Academische pabo leidt niet altijd tot waardering op scholen
Veel universitair opgeleide onderwijzers vinden dat scholen te weinig gebruikmaken van hun kwaliteiten. Voor een deel van hen was dat reden om het onderwijs vaarwel te zeggen.
Expertisecentrum ECBO hield een enquête onder 715 academisch opgeleide leerkrachten in het basisonderwijs. De meesten volgden de zogenoemde universitaire pabo: gewoonlijk een pabo aan een hogeschool in combinatie met een universitaire bacheloropleiding onderwijskunde of pedagogische wetenschappen.
Onvrede
Ruim een kwart van de ondervraagden is niet langer werkzaam in het basisonderwijs.

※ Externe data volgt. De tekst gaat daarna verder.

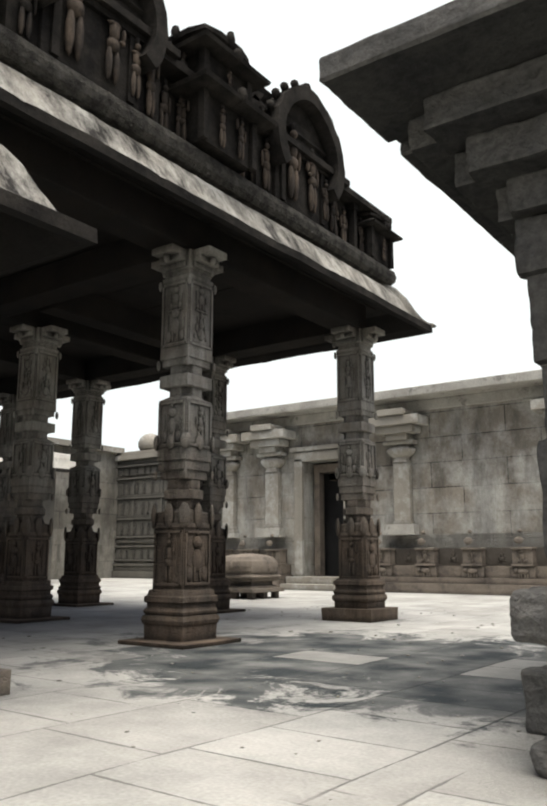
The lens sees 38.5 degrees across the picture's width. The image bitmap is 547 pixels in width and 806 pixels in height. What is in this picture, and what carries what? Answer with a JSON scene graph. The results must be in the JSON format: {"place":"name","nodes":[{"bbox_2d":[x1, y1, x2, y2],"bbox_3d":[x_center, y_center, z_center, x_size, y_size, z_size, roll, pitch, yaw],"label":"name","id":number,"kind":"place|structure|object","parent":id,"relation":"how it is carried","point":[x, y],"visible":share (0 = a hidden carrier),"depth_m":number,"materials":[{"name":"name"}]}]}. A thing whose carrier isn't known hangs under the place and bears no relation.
{"place":"outdoors","nodes":[
{"label":"outdoors","id":0,"kind":"place"},
{"bbox_2d":[0,144,97,276],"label":"porch eave","id":1,"kind":"object","parent":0,"point":[36,227],"visible":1,"depth_m":6.06,"materials":[{"name":"grey stone"}]},
{"bbox_2d":[0,0,541,451],"label":"sky","id":2,"kind":"structure","parent":0,"point":[460,280],"materials":[{"name":"white"}]},
{"bbox_2d":[0,578,546,805],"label":"stone floor","id":3,"kind":"structure","parent":0,"point":[67,740],"depth_m":5.38,"materials":[{"name":"grey stone"}]},
{"bbox_2d":[0,668,10,695],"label":"stone block","id":4,"kind":"structure","parent":3,"relation":"on","point":[5,678],"depth_m":5.92,"materials":[{"name":"brown stone"}]},
{"bbox_2d":[0,393,22,582],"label":"pillar","id":5,"kind":"structure","parent":3,"relation":"on","point":[9,435],"depth_m":19.01,"materials":[{"name":"stone"}]},
{"bbox_2d":[0,324,69,623],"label":"pillar","id":6,"kind":"structure","parent":3,"relation":"on","point":[26,588],"depth_m":13.25,"materials":[{"name":"stone"}]},
{"bbox_2d":[43,471,56,581],"bbox_3d":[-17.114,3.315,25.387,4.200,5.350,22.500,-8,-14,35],"label":"pilaster","id":7,"kind":"object","parent":3,"relation":"on","point":[49,505],"visible":0.12,"depth_m":32.86,"materials":[{"name":"grey stone"}]},
{"bbox_2d":[0,452,75,472],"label":"coping","id":8,"kind":"object","parent":7,"relation":"attached to","point":[62,462],"visible":0.19,"depth_m":32.61,"materials":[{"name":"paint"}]},
{"bbox_2d":[53,378,113,606],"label":"pillar","id":9,"kind":"structure","parent":3,"relation":"on","point":[79,581],"depth_m":17.33,"materials":[{"name":"stone"}]},
{"bbox_2d":[51,445,119,578],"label":"enclosure wall","id":10,"kind":"structure","parent":3,"relation":"on","point":[105,521],"depth_m":39.85,"materials":[{"name":"grey stone"}]},
{"bbox_2d":[47,437,124,453],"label":"wall coping","id":11,"kind":"object","parent":10,"relation":"on","point":[67,443],"visible":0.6,"depth_m":40.09,"materials":[{"name":"grey stone"}]},
{"bbox_2d":[116,468,222,563],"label":"rails","id":12,"kind":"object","parent":3,"relation":"on","point":[133,544],"depth_m":40.04,"materials":[{"name":"grey stone"}]},
{"bbox_2d":[111,458,222,578],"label":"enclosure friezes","id":13,"kind":"object","parent":12,"relation":"attached to","point":[143,487],"visible":0.12,"depth_m":39.94,"materials":[{"name":"grey stone"}]},
{"bbox_2d":[115,433,157,460],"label":"enclosure coping domes","id":14,"kind":"structure","parent":13,"relation":"on","point":[146,446],"depth_m":40.43,"materials":[{"name":"grey stone"}]},
{"bbox_2d":[118,243,240,649],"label":"pillar","id":15,"kind":"structure","parent":3,"relation":"on","point":[180,610],"depth_m":9.78,"materials":[{"name":"stone"}]},
{"bbox_2d":[0,112,375,394],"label":"hall beams","id":16,"kind":"structure","parent":15,"relation":"on","point":[142,224],"depth_m":11.91,"materials":[{"name":"grey stone"}]},
{"bbox_2d":[0,62,435,405],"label":"roof eave","id":17,"kind":"object","parent":16,"relation":"attached to","point":[29,102],"visible":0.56,"depth_m":9.71,"materials":[{"name":"grey stone"}]},
{"bbox_2d":[0,24,396,285],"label":"cornice molding","id":18,"kind":"structure","parent":17,"relation":"on","point":[21,55],"depth_m":9.59,"materials":[{"name":"grey stone"}]},
{"bbox_2d":[0,0,402,268],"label":"roof parapet","id":19,"kind":"structure","parent":18,"relation":"on","point":[201,87],"depth_m":10.25,"materials":[{"name":"grey stone"}]},
{"bbox_2d":[200,355,245,613],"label":"pillar","id":20,"kind":"structure","parent":3,"relation":"on","point":[214,493],"depth_m":15.27,"materials":[{"name":"stone"}]},
{"bbox_2d":[225,553,283,599],"bbox_3d":[-0.662,4.449,20.203,1.453,1.120,1.453,-8,-14,35],"label":"stone pedestal","id":21,"kind":"object","parent":3,"relation":"on","point":[250,576],"visible":0.79,"depth_m":19.67,"materials":[{"name":"stone"}]},
{"bbox_2d":[226,534,292,584],"bbox_3d":[-0.571,5.542,27.495,3.150,1.795,1.869,-8,-14,35],"label":"wall base","id":22,"kind":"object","parent":3,"relation":"on","point":[278,555],"depth_m":26.89,"materials":[{"name":"grey stone"}]},
{"bbox_2d":[6,607,536,799],"bbox_3d":[1.354,2.916,9.573,10.025,0.021,11.875,-8,-14,35],"label":"floor debris","id":23,"kind":"object","parent":3,"relation":"on","point":[336,696],"visible":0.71,"depth_m":7.63,"materials":[{"name":"grey stone"}]},
{"bbox_2d":[321,325,397,622],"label":"pillar","id":24,"kind":"structure","parent":3,"relation":"on","point":[359,592],"depth_m":13.30,"materials":[{"name":"stone"}]},
{"bbox_2d":[226,397,546,575],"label":"shrine walls","id":25,"kind":"structure","parent":3,"relation":"on","point":[475,469],"depth_m":23.82,"materials":[{"name":"grey stone"}]},
{"bbox_2d":[280,444,344,590],"bbox_3d":[1.493,3.725,25.890,2.550,4.740,1.550,-8,-14,35],"label":"door frame","id":26,"kind":"object","parent":25,"relation":"attached to","point":[299,580],"visible":0.52,"depth_m":26.45,"materials":[{"name":"grey stone"}]},
{"bbox_2d":[314,463,337,575],"bbox_3d":[2.074,3.960,26.668,1.450,3.780,0.320,-8,-14,35],"label":"door frame","id":27,"kind":"object","parent":25,"relation":"attached to","point":[320,470],"visible":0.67,"depth_m":26.91,"materials":[{"name":"stone"}]},
{"bbox_2d":[316,462,343,575],"bbox_3d":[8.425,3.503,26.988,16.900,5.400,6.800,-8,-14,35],"label":"doorway","id":28,"kind":"structure","parent":25,"relation":"in","point":[333,509],"depth_m":27.24,"materials":[{"name":"black"}]},
{"bbox_2d":[256,524,418,537],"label":"shrine pilaster seats","id":29,"kind":"object","parent":25,"relation":"attached to","point":[401,529],"visible":1,"depth_m":24.18,"materials":[{"name":"grey stone"}]},
{"bbox_2d":[220,398,544,537],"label":"pilasters","id":30,"kind":"object","parent":25,"relation":"attached to","point":[398,428],"visible":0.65,"depth_m":27.06,"materials":[{"name":"grey stone"}]},
{"bbox_2d":[226,369,543,431],"bbox_3d":[7.812,0.374,26.911,20.200,0.610,9.000,-8,-14,35],"label":"coping","id":31,"kind":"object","parent":25,"relation":"on","point":[502,388],"depth_m":24.30,"materials":[{"name":"grey stone"}]},
{"bbox_2d":[379,529,546,595],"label":"wall base","id":32,"kind":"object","parent":3,"relation":"on","point":[495,570],"depth_m":22.46,"materials":[{"name":"grey stone"}]},
{"bbox_2d":[509,586,546,778],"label":"stub post","id":33,"kind":"object","parent":3,"relation":"on","point":[528,613],"visible":1,"depth_m":3.76,"materials":[{"name":"stone"}]},
{"bbox_2d":[408,54,546,735],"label":"pier","id":34,"kind":"structure","parent":0,"point":[478,146],"depth_m":5.09,"materials":[{"name":"stone"}]},
{"bbox_2d":[319,0,546,255],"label":"eave slab","id":35,"kind":"structure","parent":34,"relation":"on","point":[383,84],"depth_m":4.82,"materials":[{"name":"stone"}]}
]}

Van hen stapten de meesten op uit onvrede over hun loopbaanmogelijkheden en het gebrek aan uitdaging dat ze ervaarden.
Ook de zittende leerkrachten noemen de carrièremogelijkheden matig (28 procent) of onvoldoende (19 procent). Buiten het lesgeven om is er te weinig tijd om iets met de academische vaardigheden te doen, vindt 66 procent. Maar liefst 40 procent zou naast het docentschap graag een aanvullende rol willen spelen, maar krijgt de kans niet. Volgens de onderzoekers kan dit funest uitpakken voor hun werkplezier en motivatie.
Geen hoger salaris
Tel daarbij op dat ze niet hoger worden beloond en dat de meeste schoolleiders “niet of nauwelijks” weten hoe ze de vaardigheden van de academici kunnen inzetten en het beeld is compleet: twee op de drie academische leerkrachten vinden dat hun meerwaarde onvoldoende wordt benut.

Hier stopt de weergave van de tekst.